Esto es España, amigos, así somos los españoles. ¿Son estas las costumbres que habrán de adoptar obligatoriamente los que vengan a vivir con nosotros? ¿Serán otras? ¿Cómo decidiremos qué costumbres merecen preservarse y ser impuestas? ¿Propondrá el PP una subcomisión parlamentaria para que estudie el asunto? ¿Crearemos también unos tribunales especiales para juzgar a los que no se hayan adaptado adecuadamente? Al final lo que hemos descubierto es que detrás de las propuestas de Rajoy lo que hay es el miedo al velo, el rechazo un poco irracional a la diferencia que el velo representa, la pretensión utópica de que las diferencias pueden borrarse mediante decretos. A lo mejor podría servirnos de algo la experiencia de las dictaduras comunistas, que también creyeron -véase el caso de Polonia- que los sentimientos religiosos de la gente podían borrarse por el expeditivo procedimiento de proclamar que la religión es el opio del pueblo y, en consecuencia, abolirla de las escuelas. Humo y xenofobia es lo que hay detrás de ese "contrato para la integración", según el diagnóstico certero que ha hecho Alfredo Pérez Rubalcaba.
LOS BUENOS SOMOS NOSOTROS; LOS MALOS SON ELLOS
Esa tendencia a creer que todos los bienes están en nosotros y todos los males ("las urgencias están colapsadas por culpa de los inmigrantes", Arias Cañete dixit ) en los que vienen de fuera la llevamos inscrita en los genes por lo menos desde cuando vagábamos por el planeta en busca del fuego. Pero creíamos que siglos y siglos de civilización nos habían enseñado a mantener dormida la bestia que llevamos dentro, a comportarnos con un poco de decencia y de racionalidad, con un poco de sentido común, tal como reclama una y otra vez Rajoy en sus intervenciones parlamentarias. ¿Está el PP en contra de la civilización? Dan ganas de pensar que sí, a la vista de las propuestas tan primitivas, tan injustas, tan insolidarias que ha presentado para afrontar los problemas de la inmigración.
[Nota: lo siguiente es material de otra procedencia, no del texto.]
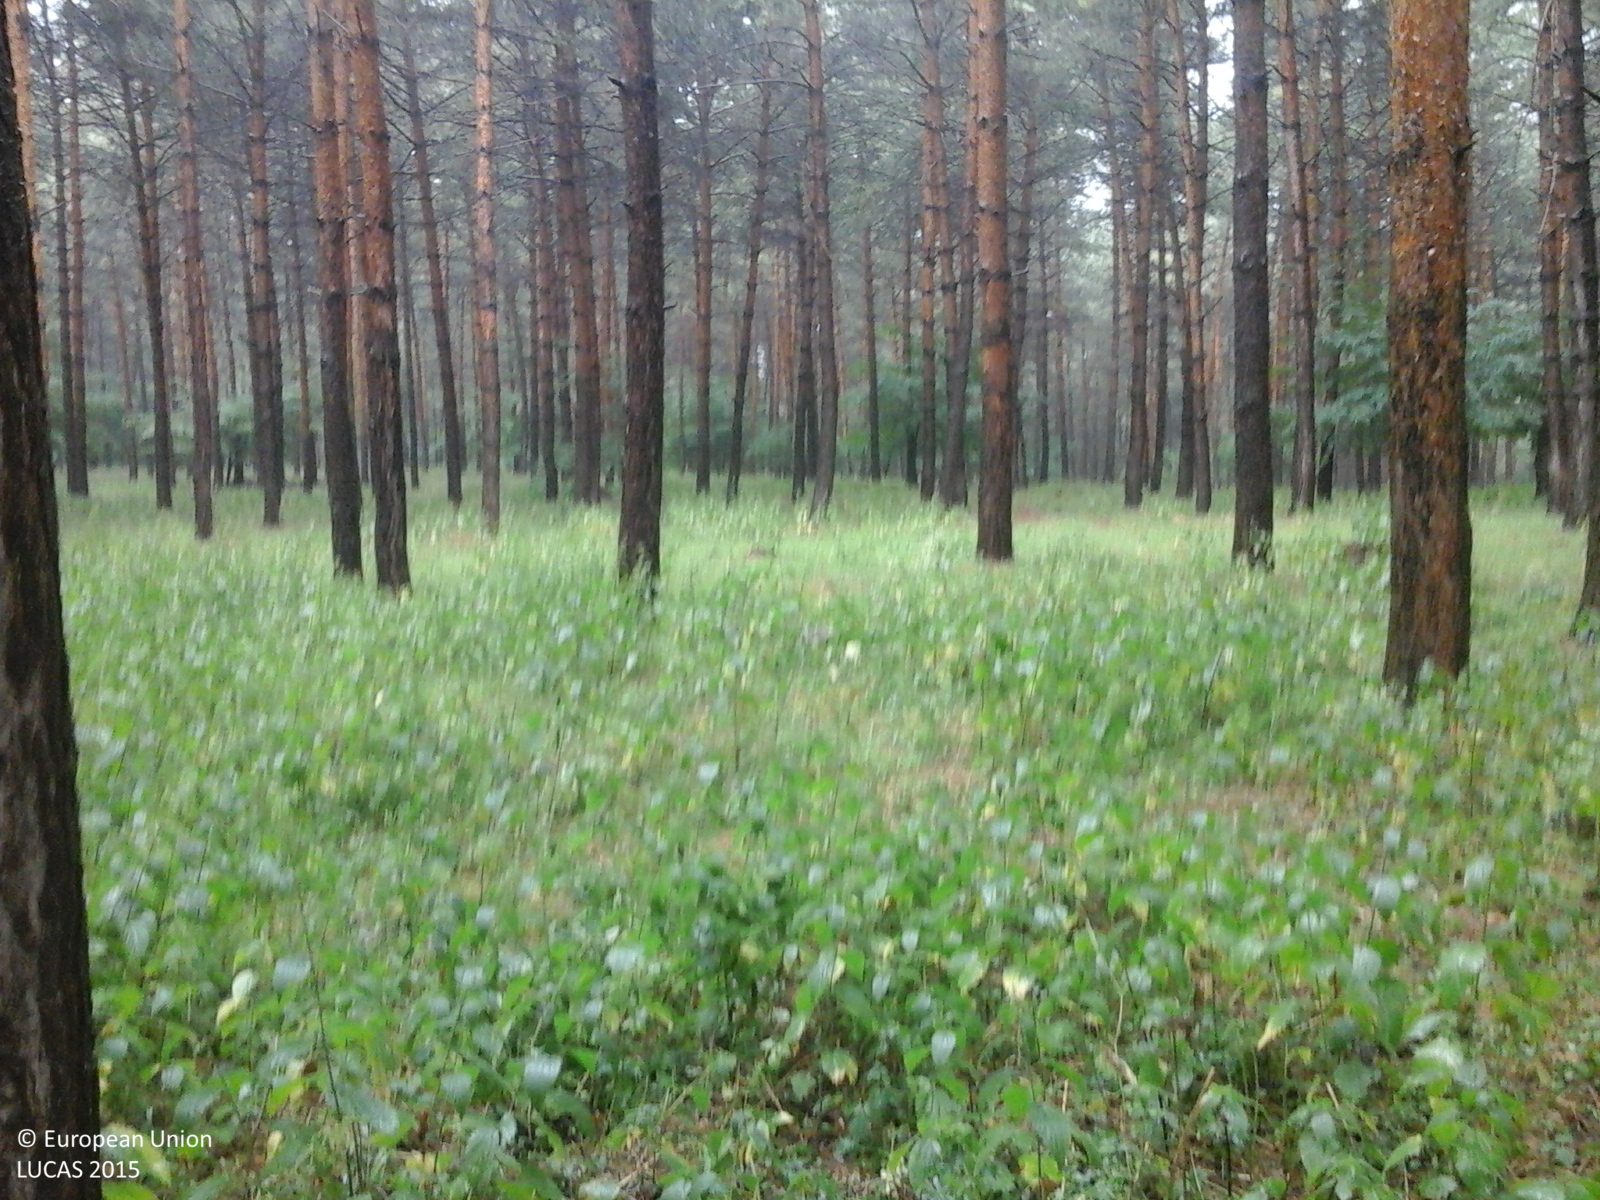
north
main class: Woodland
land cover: Pine dominated coniferous woodland
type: hemiboreal forest and nemoral coniferous forest and mixed broadleaved-coniferous forest
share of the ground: > 75 %
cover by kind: coniferous forest trees 95 %, broadleaved forest trees 5 %
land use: Forestry
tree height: > 5 m
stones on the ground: 10 - 25 %
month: June
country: RO
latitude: 47.3908
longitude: 26.8567
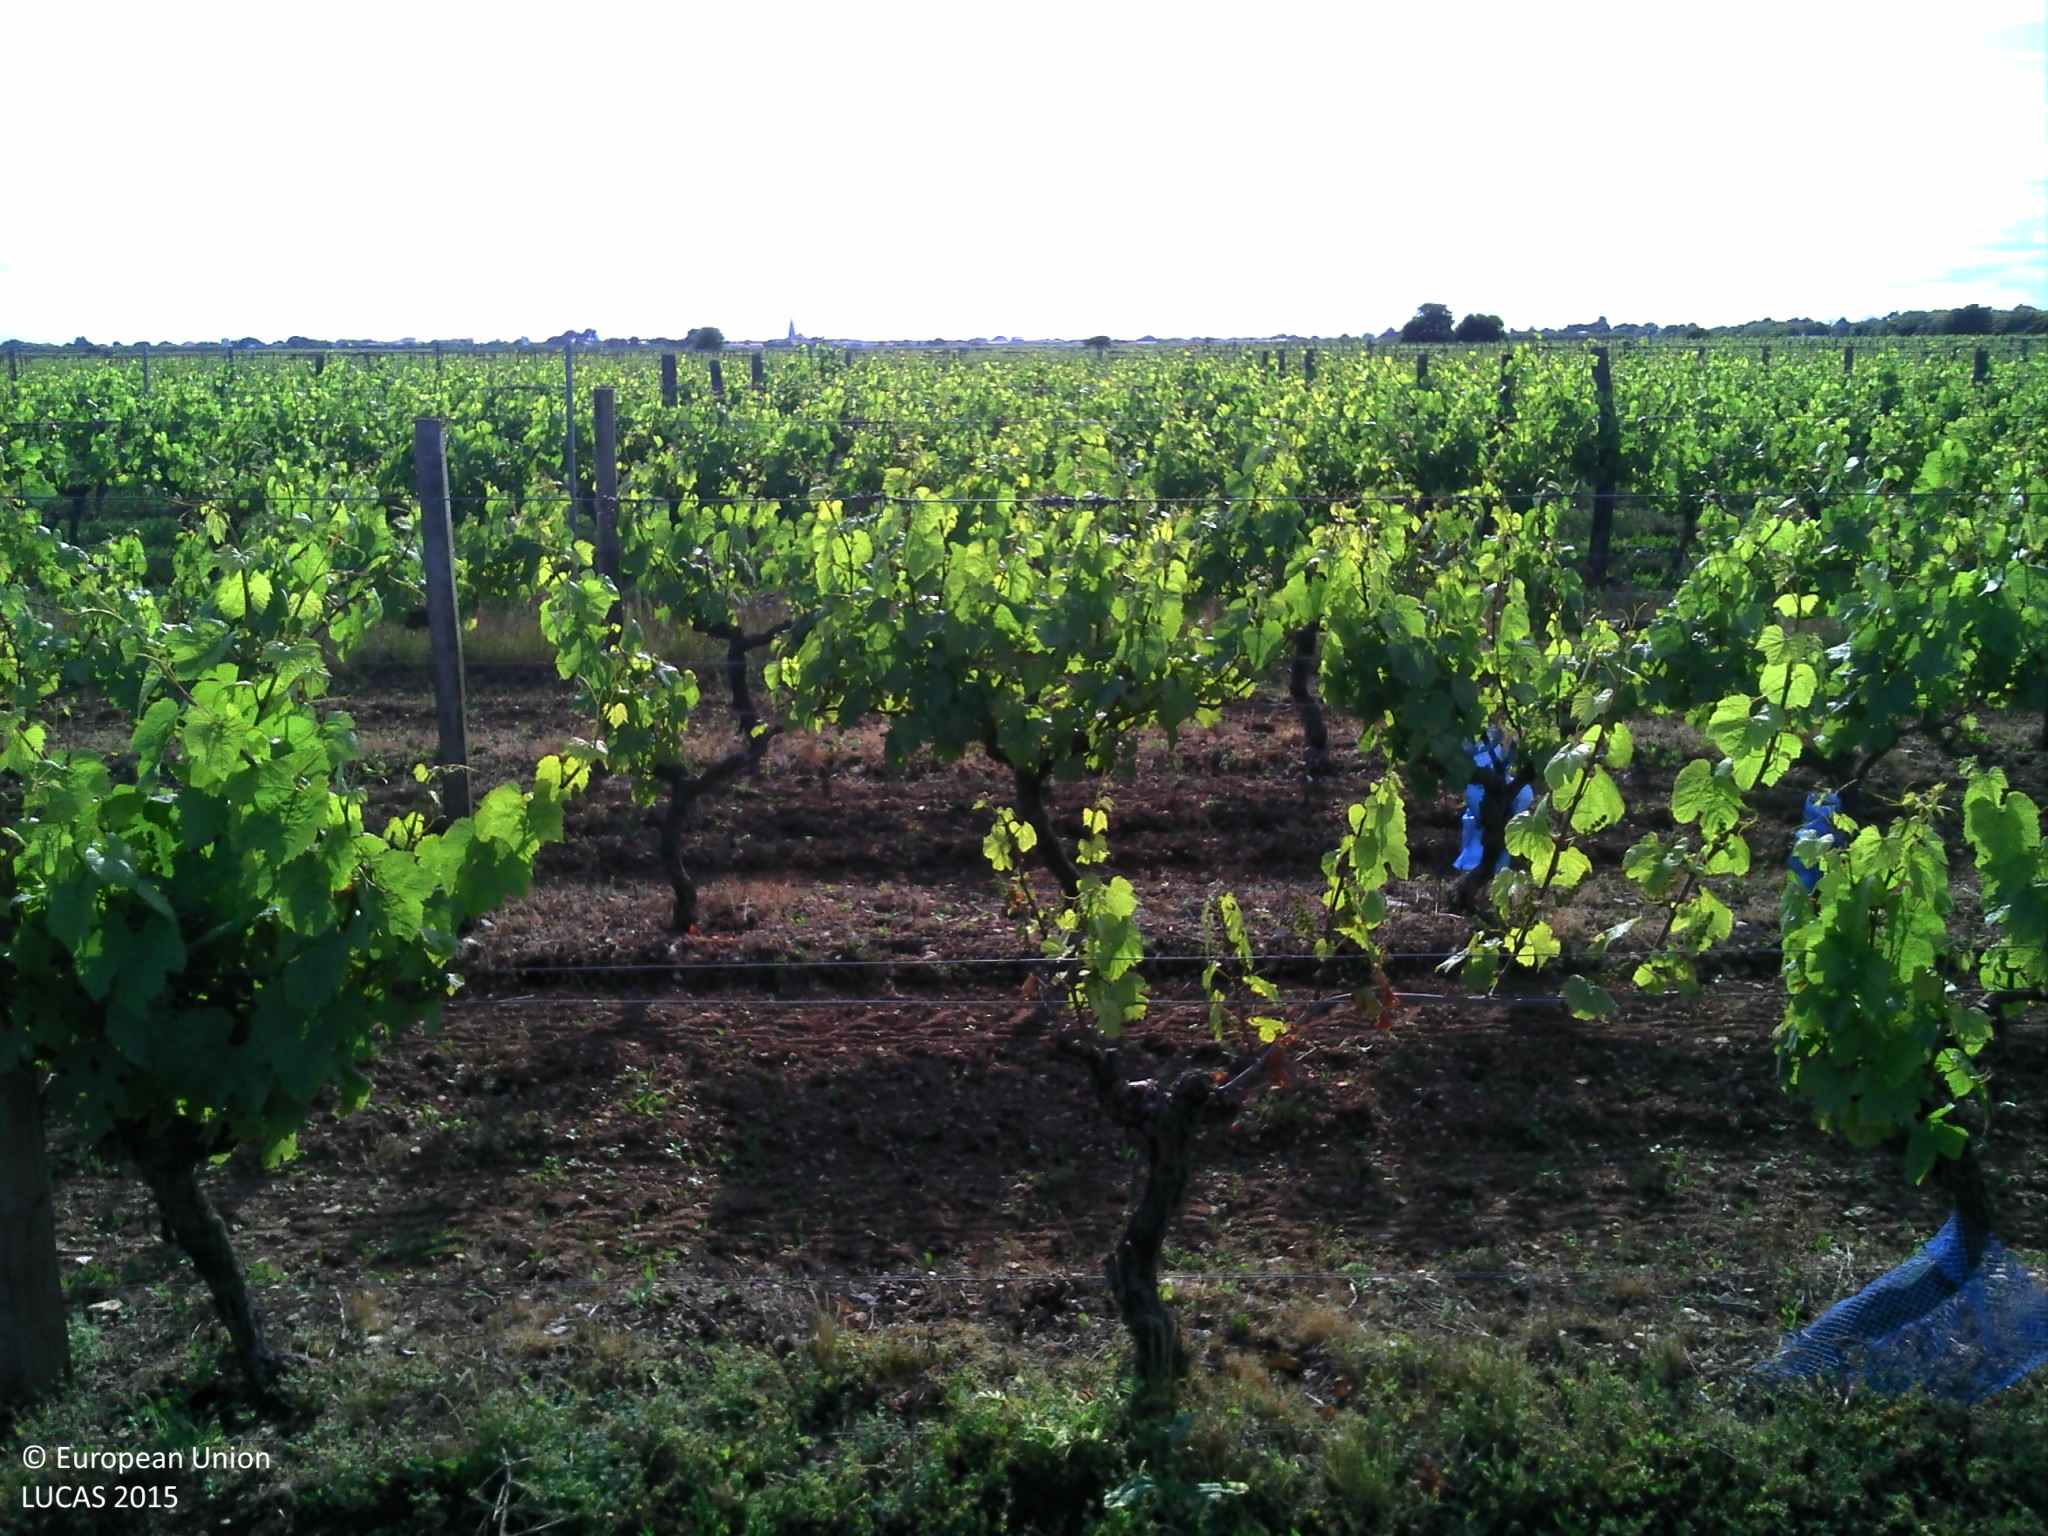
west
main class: Cropland
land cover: Vineyards
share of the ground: 25 - 50 %
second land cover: Other bare soil
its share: > 75 %
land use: Agriculture (excluding fallow land and kitchen gardens)
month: May
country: FR
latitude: 46.1519
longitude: -1.2851
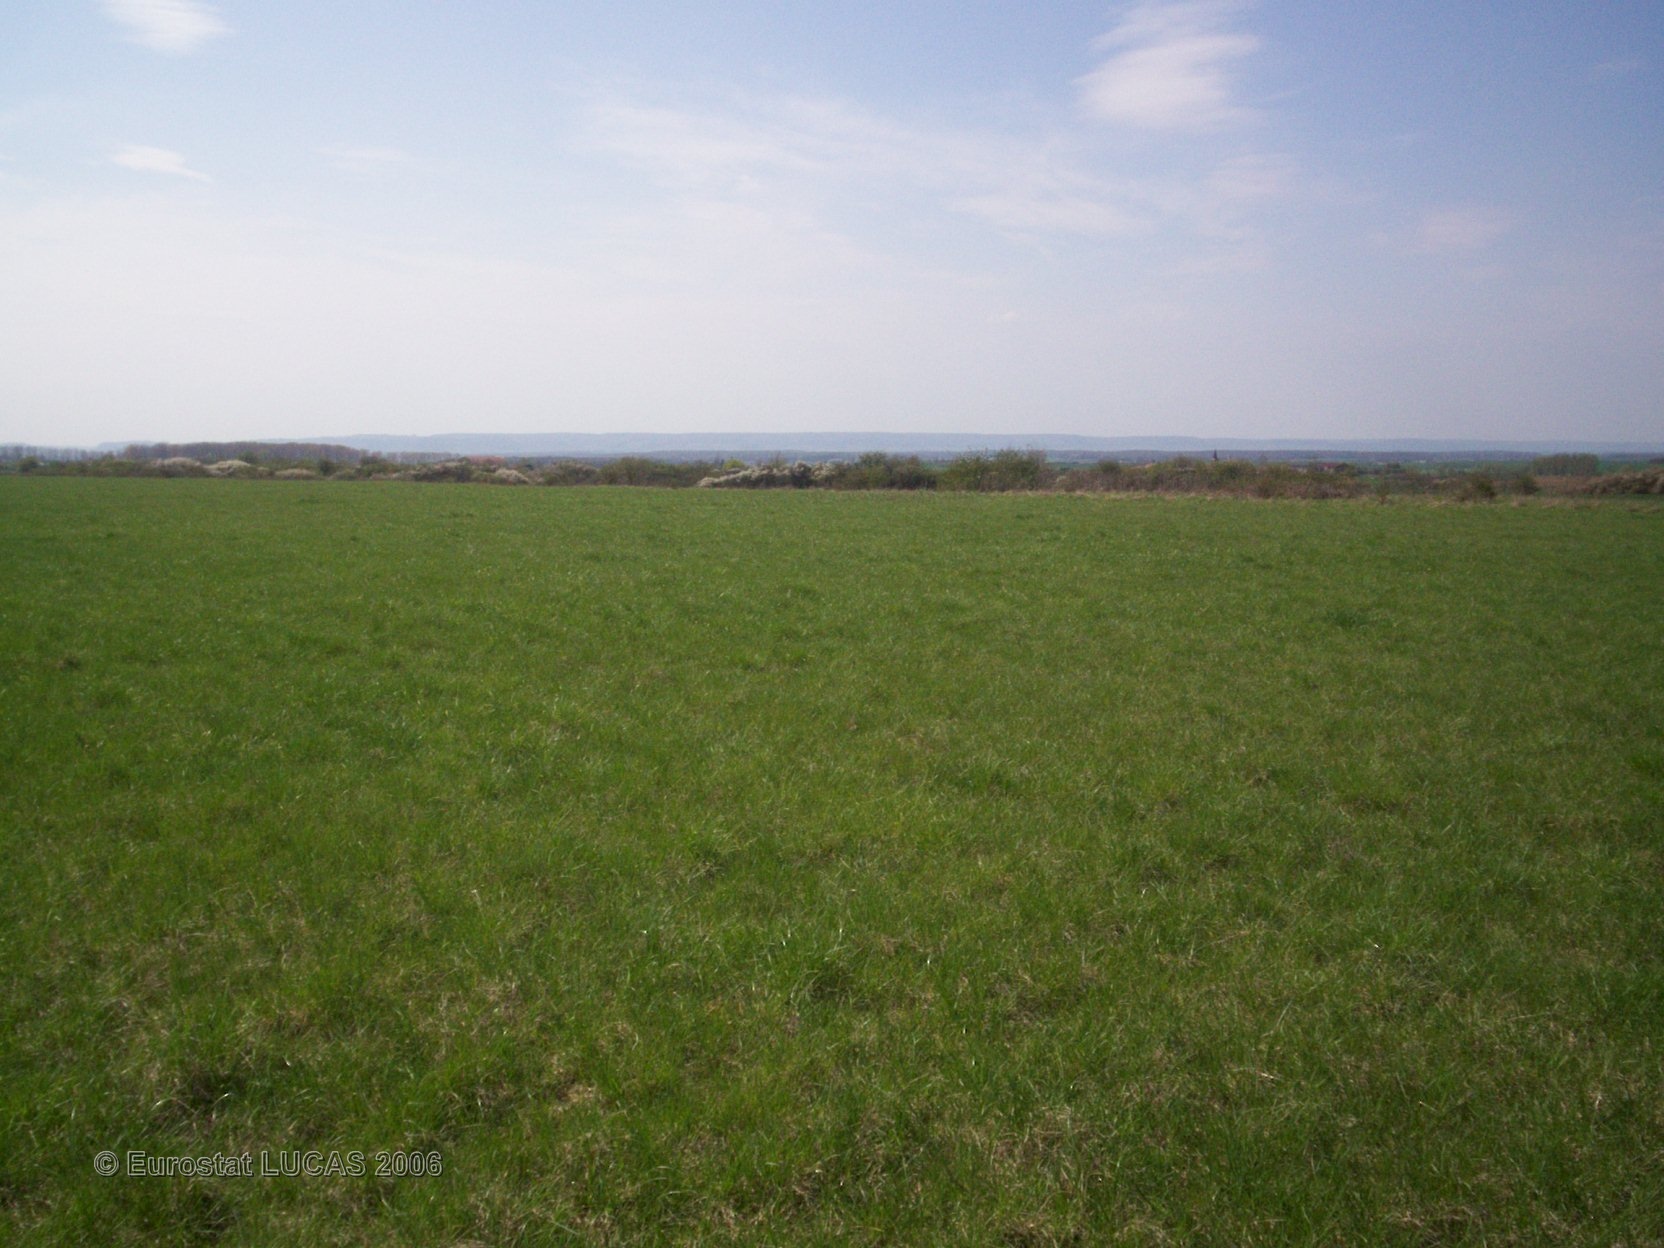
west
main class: Grassland
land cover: Grassland without tree/shrub cover
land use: Amenities, museums, leisure
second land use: Air transport
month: April
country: FR
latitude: 49.0294
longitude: 5.8827

No hace mucho, en una excursión campestre, fuimos a dar con una aldea que tenía un hermoso frontón presidiendo la plaza. En una de las paredes de aquel frontón estaba escrita, en letras azul añil, esta advertencia: al forastero que venga a pretender, le cuesta la moza 500 pesetas. Está claro que la "pintada" no era de ayer ni de antesdeayer, pero es un buen reflejo de esas pulsiones primarias, irracionales, de rechazo al que viene de fuera, pulsiones difíciles de mantener a raya, como la mala hierba. España, esta España que amamos aunque algunas de sus costumbres no nos gusten nada, se quitó el hambre gracias a la emigración y prosperó, a partir de los años sesenta del siglo pasado, gracias a las divisas que traían los extranjeros. Y no puede decirse, sin faltar a la verdad, que aquellos extranjeros, aquellos primeros turistas, tuvieran a su servicio unos camareros de extraordinaria preparación profesional. Más bien al contrario, porque quienes les atendían eran jóvenes que acababan de desertar del arado. Deberíamos recordar esto, deberíamos recordarlo siempre - querido Miguel Arias Cañete- antes de abrir la boca.
Termino mi reflexión con otra anécdota personal. En el año 82, cuando todavía estábamos muy lejos de ser un país rico reacio a compartir su riqueza, un grupo de amigos hicimos un viaje a París. A la vuelta se nos averió el coche en una localidad llamada Chateaudum. Mientras esperábamos la reparación, trabamos amistad con un inmigrante español, de la provincia de Ciudad Real, que, veinticinco años después de su llegada a Francia, seguía echando pestes de la costumbre local de acostarse demasiado pronto y levantarse muy temprano. Aquel hombre era incapaz de pronunciar una palabra tan sencilla como voiture, y seguía hablando de la vatúa cada vez que se interesaba por los avances de la reparación. ¿Cuál tendría que haber sido nuestra reacción si un desalmado hubiera propuesto expulsarlo de Francia, dada su manifiesta incapacidad para adaptarse al idioma y las costumbres francesas?
Menos mal que, al día siguiente de este patinazo con la integración de los inmigrantes, Mariano Rajoy enderezó de nuevo el rumbo con la promesa de plantar quinientos millones de árboles. Eso suena mucho mejor, don Mariano, aunque todos sepamos que no se plantará ni una quinta parte en caso de ser usted el inquilino de la Moncloa.